Member of the Maryland Senate from the 38th district
- Incumbent
- Assumed office January 9, 2019
- Preceded by: Jim Mathias

Member of the Maryland House of Delegates from the 38C district
- In office January 14, 2015 – January 9, 2019
- Preceded by: Seat established
- Succeeded by: Wayne A. Hartman

Personal details
- Born: February 13, 1961 (age 65) Baltimore, Maryland, U.S.
- Party: Republican
- Education: Catholic University of America (BA, MA)
- Profession: Consultant

= Mary Beth Carozza =

American politician (born 1961)

Mary Beth Carozza (born February 13, 1961) is an American politician who is a Republican member of the Maryland Senate, representing District 38 since 2019. She previous represented District 38C in the Maryland House of Delegates from 2015 to 2019.

Born in Baltimore and raised on Maryland's Eastern Shore, Carozza graduated from Catholic University of America. She began her career working as a congressional staffer for various Republican U.S. senators and U.S. representatives before serving as the deputy assistant secretary of defense for legislative affairs under U.S. Defense Secretary Donald Rumsfeld and as a deputy chief of staff to Maryland Governor Bob Ehrlich. Carozza was elected to the Maryland House of Delegates in 2014, serving for one term before being elected to the Maryland Senate in 2018, defeating Democratic incumbent Jim Mathias.

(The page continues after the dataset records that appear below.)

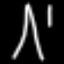
Label: The Eiffel Tower
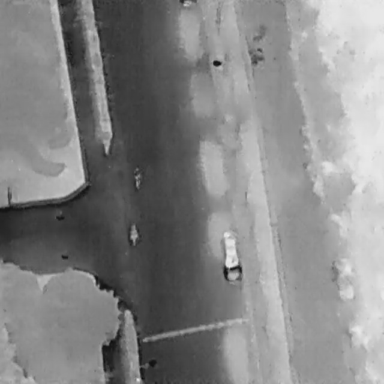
There are four objects shown in the infrared image, including two Cars, and two People.
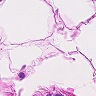
Metastatic tissue present: no
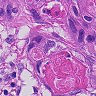
Metastatic tissue present: yes

== Early life and career ==
Carozza was born in Baltimore on February 13, 1961, to Tony and Mary Pat Carozza. Her family moved to the Eastern Shore when she was in the fifth grade and spent her summers working in her parents' business, Beefy's. After graduating from Stephen Decatur High School, Carozza attended the Catholic University of America on a tennis scholarship, where she received a Bachelor of Arts degree in political philosophy and a Master of Arts degree in American government.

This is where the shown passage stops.